Nella concezione di Burnet, alle origini, la Terra era una massa fluida dove erano presenti i materiali e gli ingredienti di tutti i corpi confusamente mescolati. La parola divina mise ordine nel caos e, alla fine di un processo di breve durata, la superficie terrestre si presentava perfettamente liscia, priva di montagne, con al suo interno le acque del grande abisso: questo era il Paradiso Terrestre.

Quando Dio volle punire i peccati dell’uomo, l’uscita delle acque interne provocò il diluvio, i vapori condensarono ai poli e precipitarono verso l’equatore. Poi, lentamente, le acque ritornarono entro l’abisso, in un processo tuttora in atto, lasciando una Terra sconvolta. La Terra, ma anche la Luna, divennero le immagini di una grande rovina, e conservano l’aspetto di un mondo che giace nelle sue macerie.  

Le suggestioni apocalittiche di Burnet e di Whiston influirono profondamente su David Gregory, professore ad Oxford alla fine del Seicento, il quale, in un suo famosissimo trattato di astronomia, considerato un testo di riferimento in tutte le università europee, invitava i filosofi a non sottovalutare il pericolo costituito dalle comete, e di non prenderle troppo alla leggera: anch’egli afferma che le esalazioni della coda di una cometa, mescolate con l’aria che respiriamo, produrrebbe degli effetti mortali per ogni forma di vita che popola il nostro pianeta. Era inoltre convinto che una cometa, passando molto vicina alla Terra, potesse alterarne il moto trasformando il nostro pianeta in una cometa con un’orbita ellittica di altissima eccentricità.

Nei decenni successivi le comete vennnero universalmente considerate come corpi celesti molto antichi, soggette, nei loro movimenti, alle stesse leggi che governano i pianeti, ossia la gravitazione di Newton e le leggi di Kepler che da essa derivano. Si riteneva che il nucleo delle comete fosse un corpo solido, le cui dimensioni erano però difficilmente stimabili.

Dalle accurate osservazioni telescopiche della cometa del 1729 (fig. 13) Alexandre-Guy Pingré, uno dei maggiori esperti di comete di quel secolo, suppose che il suo disco solido fosse assai più piccolo di Mercurio. Ma altri autori precedenti, tra i quali il bolognese Giovanni Battista Guglielmini, noto per le importanti esperienze sulla caduta dei gravi eseguite dalla Torre degli Asinelli, avevano affermato che la  parte solida di una cometa poteva essere addirittura più grande del Sole.
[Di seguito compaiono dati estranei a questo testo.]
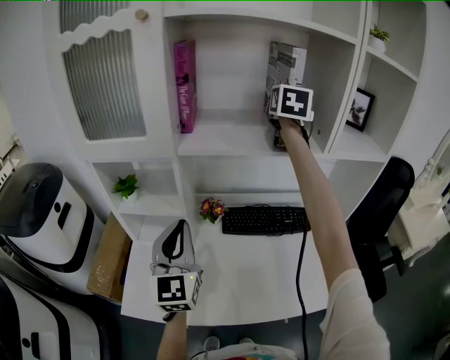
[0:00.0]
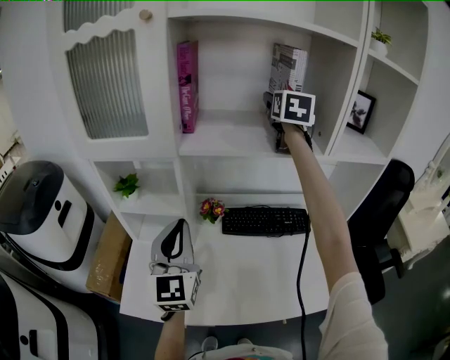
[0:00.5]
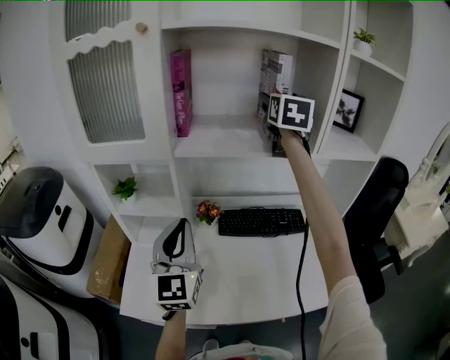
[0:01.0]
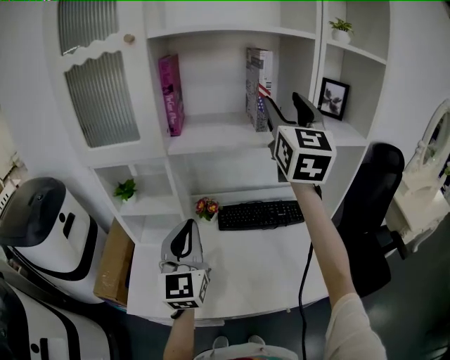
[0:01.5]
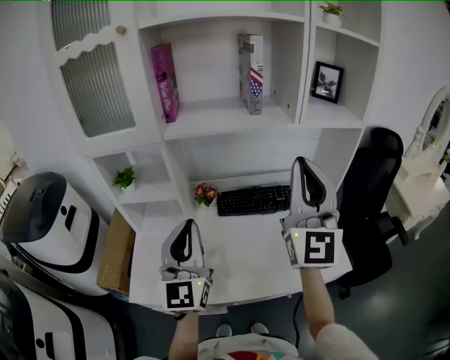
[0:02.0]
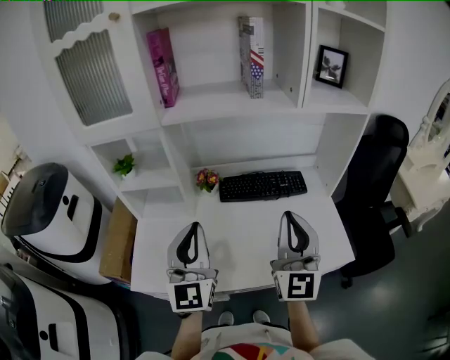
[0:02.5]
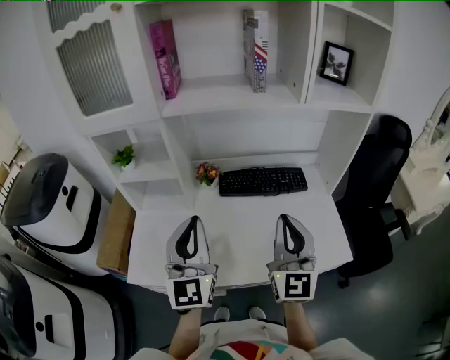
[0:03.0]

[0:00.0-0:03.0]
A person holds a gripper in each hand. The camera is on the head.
0:00.0 to 0:01.5: The left gripper changes place by about 5 cm, while the right gripper shifts some 20 cm backward, and turns by about 30 degrees.
0:01.5 to 0:03.0: The right gripper heads downward and backward, covering about 35 cm, and closes up; the left gripper shifts about 5 cm backward.

Per quanto riguarda la struttura fisica degli astri chiomati, solamente verso la metà del secolo si ammise l’ipotesi che la loro massa e densità non potevano essere elevate. In particolare,  si giunse correttamente a ritenerle assai meno massicce dei pianeti.

Per confermare quest’ultima ipotesi, Pingré porta le osservazioni della cometa del 1680, che dimostravano come essa non avesse alterato in alcun modo le orbite dei pianeti. Anche l’esame delle fonti storiche costituisce, a suo avviso, una testimonianza inequivocabile del loro esiguo contenuto di materia: la cometa del 1454, passata tra la Terra e la Luna, non perturbò affatto le loro orbite. Infine, la prima cometa del 1770 (fig. 14), il cui periodo era stato determinato in soli 5.5 anni, era passata molto vicina a Giove, che ne modificò vistosamente l’orbita ma, osserva Pingré, il grande pianeta non ha affatto risentito dell’attrazione del piccolo astro chiomato.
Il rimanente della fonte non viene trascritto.